Where $T_w$ is wall temperature and $\overline{T}$ is the fluid bulk temperature.

Thermal expansion coefficient for ideal gas is defined as:

$\beta _f=\left ( \frac{\partial v}{\partial T} \right )_p\frac{1}{v} = \frac{1}{T}$

Values of $b$ and $n$ are

System	Range of GrxPr	$b$	$n$
Vertical plates	$10^4-10^9$	$0.59$	$0.25$
Vertical plates	$10^9-10^{12}$	$0.13$	$0.333$

Source: Table 12.4 Values of Constant in Eq. (12.74) (p.380, McCabe)

Let’s say we have $60F$ air (close to ideal gas) at atmospheric temperature, wall temperature is the same as air, steam at $0\; psig$ saturation ( $212^\circ F$ ), and tank is $40ft$ high.

Variable	Symbol	Value	Unit
Wall Height	$L$	$40$	$ft$
Wall Temp	$T_w$	$212$	$^\circ F$
Fluid Bulk Temp	$\overline{T}$	$60$	$^\circ F$
Fluid Mean Temp	$T_f$	$76$	$^\circ F$
Bulk & Mean Temp Difference	$\Delta T$	$152$	$^\circ F$

Fluid properties must be evaluated at $T_f$, simulation software like HYSYS is wonderfully useful here.

Variable	Symbol	Value	Unit
Desity	$\rho_f$	$0.07408$	$lb/ft^2$
Abs Viscosity	$\mu_f$	$12.633 \times 10^{-6}$	$lb/fts$
Heat Capacity	$Cp_f$	$0.237$	$btu/lb^\circ F$
Heat Cap.
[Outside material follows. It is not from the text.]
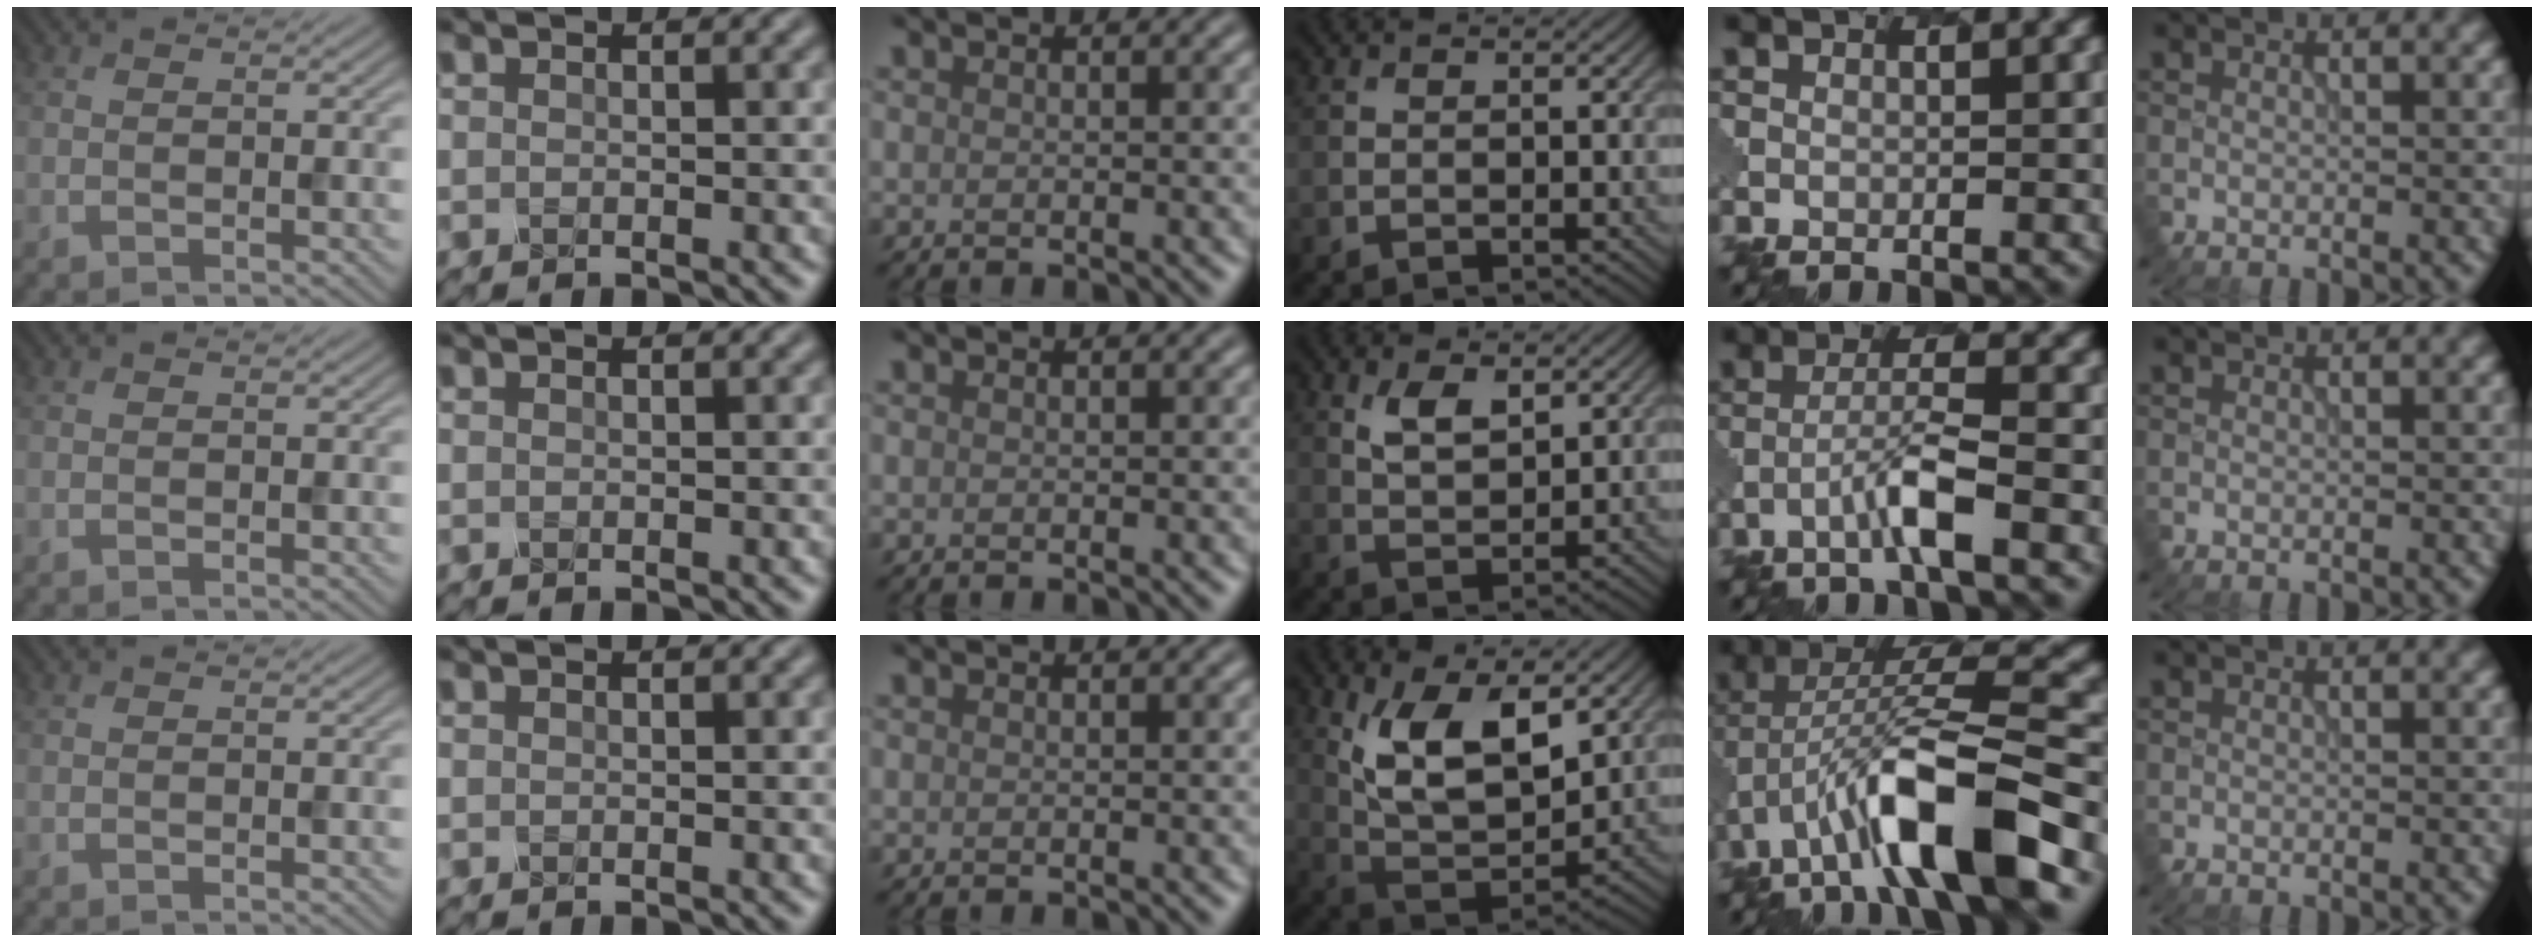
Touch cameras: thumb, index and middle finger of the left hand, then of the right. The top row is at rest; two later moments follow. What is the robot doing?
{"motion": "insert", "object": "pen bag"}

Ratio	$k_f$	$1.41$
Compressibilty Factor	$z$	$0.999$
Gravity Constant	$g$	$32.174$	$ft/s^2$

So, the results are

Variable	Symbol	Value
Thermal Expansion Coeff.	$\beta_f$	$6.579 \times 10^{-3}$
Grashof Number	$Gr$	$7.080 \times 10^{13}$
Prandtl Number	$Pr$	$2.124 \times 10^{-6}$
Gr & Pr Product	$Gr \times Pr$	$1.508 \times 10^8$

With value of $Gr \times Pr$ known, we can now choose $b=0.59$ and $n=0.25$ . Therefore,

$Nu_f = b(GrPr)_{f}^{n}$ $h_{air} = \frac{k_f}{L} 0.59(GrPr)_{f}^{0.25}=2.303\; \frac{hr\cdot ft^2\cdot F}{btu}$

What if it rains?

I do not know what would happen if it does rain. Since water conduct heat much better than air, I would imagine $U$ will increase quite a bit. How much? No idea. Rain does not form a nice layer of liquid on tank. I don’t think I can predict drops formation. This kind of question is best answered with an experiment and empirical equation. Need sleep.